The front yoke 5 is for reducing magnetic resistance, and can be omitted. In that case, a female screw hole is cut in the front plate part 12 of the bracket 1, and the tip of the set screw 45 is screwed into the hole.

Since the front yoke fitting space 23 is not required in the bobbin 2, this part becomes a solid body, and it is also possible to cut a female screw hole in the bobbin and fix the set screw 45 therein.

Further, although the plunger stopper plate 6 is made of a non-magnetic material (such as stainless steel), it may be made of a ferromagnetic material. If it is made of ferromagnetic material, the return state will be more stable. Instead, more coil current is required for the suction operation.

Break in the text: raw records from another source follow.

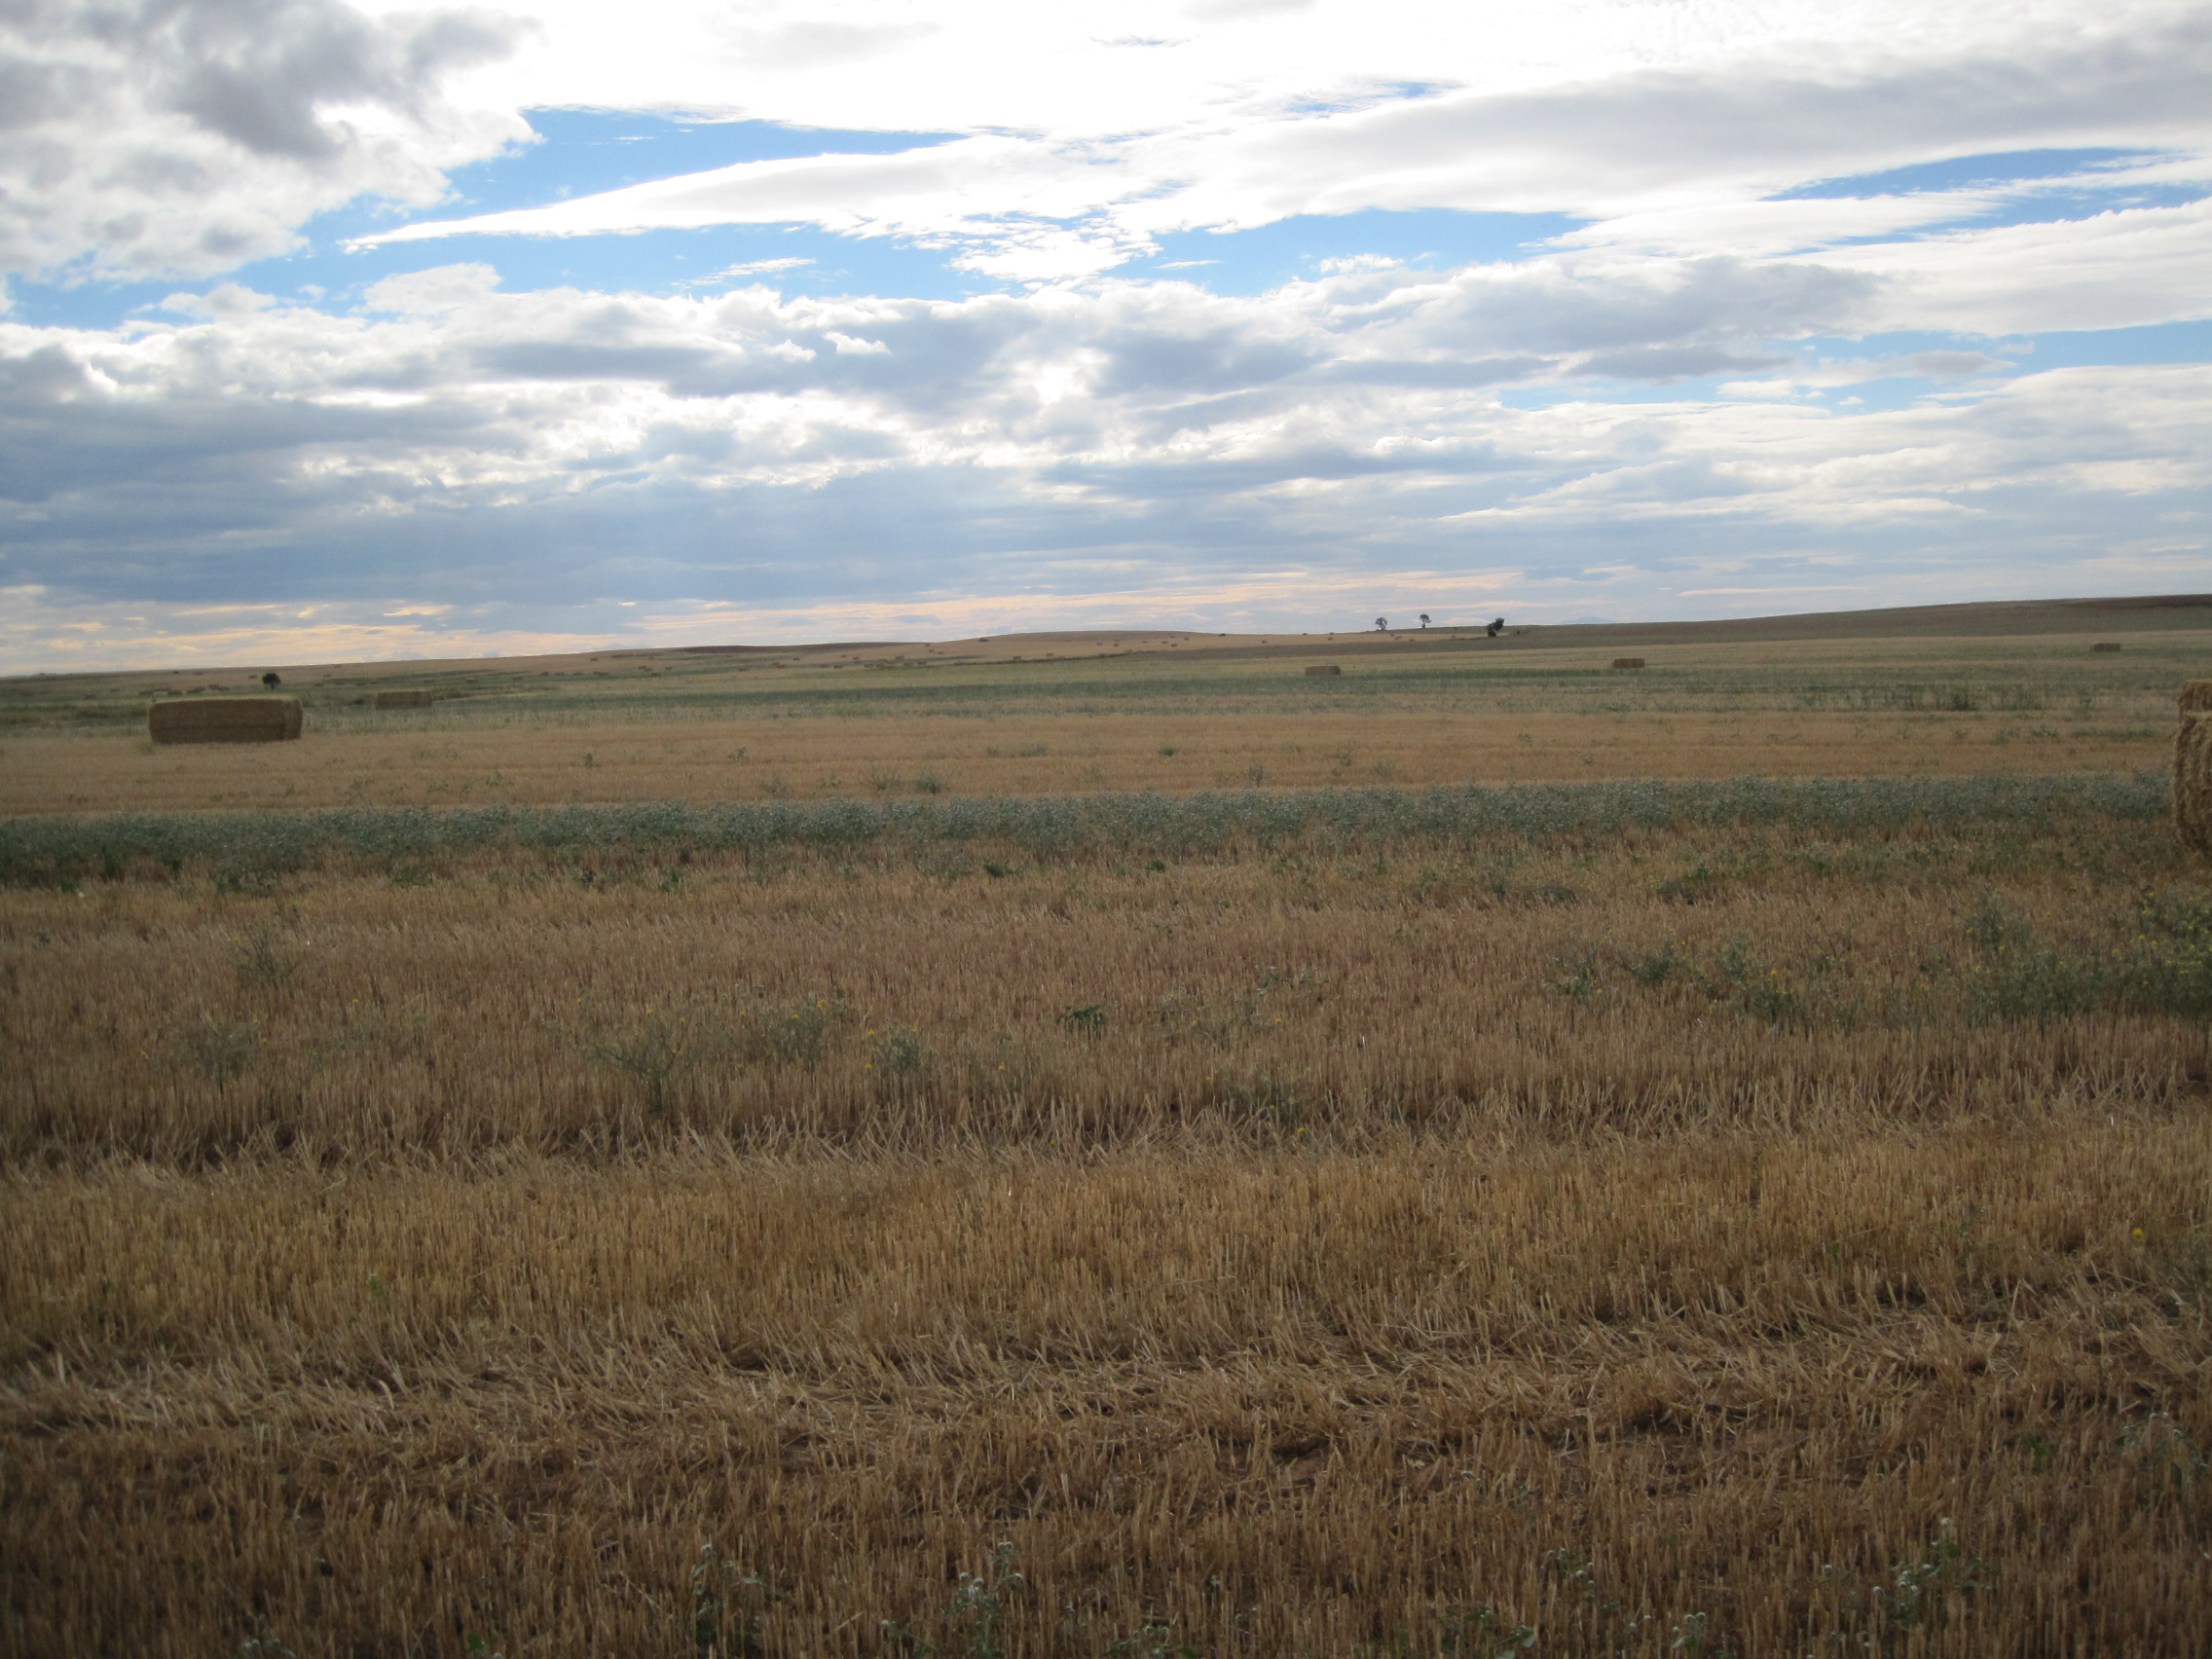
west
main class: Cropland
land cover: Barley
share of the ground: < 10 %
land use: Agriculture (excluding fallow land and kitchen gardens)
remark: Harvested field
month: July
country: ES
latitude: 41.9669
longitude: -5.4966

[Brief explanation of the drawing]

FIG. 1 is an exploded perspective view of a solenoid according to an embodiment of the present invention. FIG. 2 is a plan view of the assembled state. Third
The figure is a - sectional view in Fig. 2. FIG. 4 is a partial view of the - section in FIG. 2. 1...Bracket, 2...Bobbin, 3...Plunger, 4...Stopper, 5...Front yoke, 6...Plunger stop plate, 7...Permanent magnet,
8... Excitation coil, 9... Fitting space, 10... Rear plate part, 11... Side plate part, 12... Front plate part, 13...
...stopper fixing hole, 14...plunger through hole,
15...Screw through hole, 16...Mounting screw hole, 18
...Abutment part, 20...Frame part, 21...Cylindrical part,
22...Sliding tube portion, 23...Front yoke fitting space, 24...Snow hole, 25...Magnet accommodation hole,
26... Lead wire, 27... Flange, 28... Chamfer, 30... Push rod, 31... Female screw hole,
32... Large diameter part, 33... Small diameter part, 34... Rod through hole, 36... Sliding cylinder part through hole, 37... Female screw hole, 40... Output rod through hole, 41... Screw through hole. hole.

Claims (1)

[Scope of utility model registration request] A bracket 1 made of a ferromagnetic plate bent into a rectangular frame shape so as to have a square cross section, a bobbin 2 provided in the bracket 1, an excitation coil 8 wound around the bobbin 2, and an excitation coil 8. A plunger 3 made of ferromagnetic material that is provided to be able to move forward and backward in a sliding tube that penetrates the coil 8, and a stopper hole 13 in the rear plate portion 10 of the bracket 1.
A stopper 4 made of a ferromagnetic material is fixed to stop the attracting operation of the plunger 3, and permanent magnets 7, 7 are provided in front of the bracket 1 and separated from the front plate part 12 so that the same poles face each other with the plunger 3 in between. Then, by means of a set screw 45 on the outside of the front plate part 12 of the bracket 1, it is screwed into the front yoke 5 or bobbin 2 provided on the front plate part 12 of the bracket or the back surface of the front plate part 12 of the bracket. A self-holding solenoid characterized by comprising a plunger stop plate 6 for stopping the return operation of the plunger 3 that has been attached.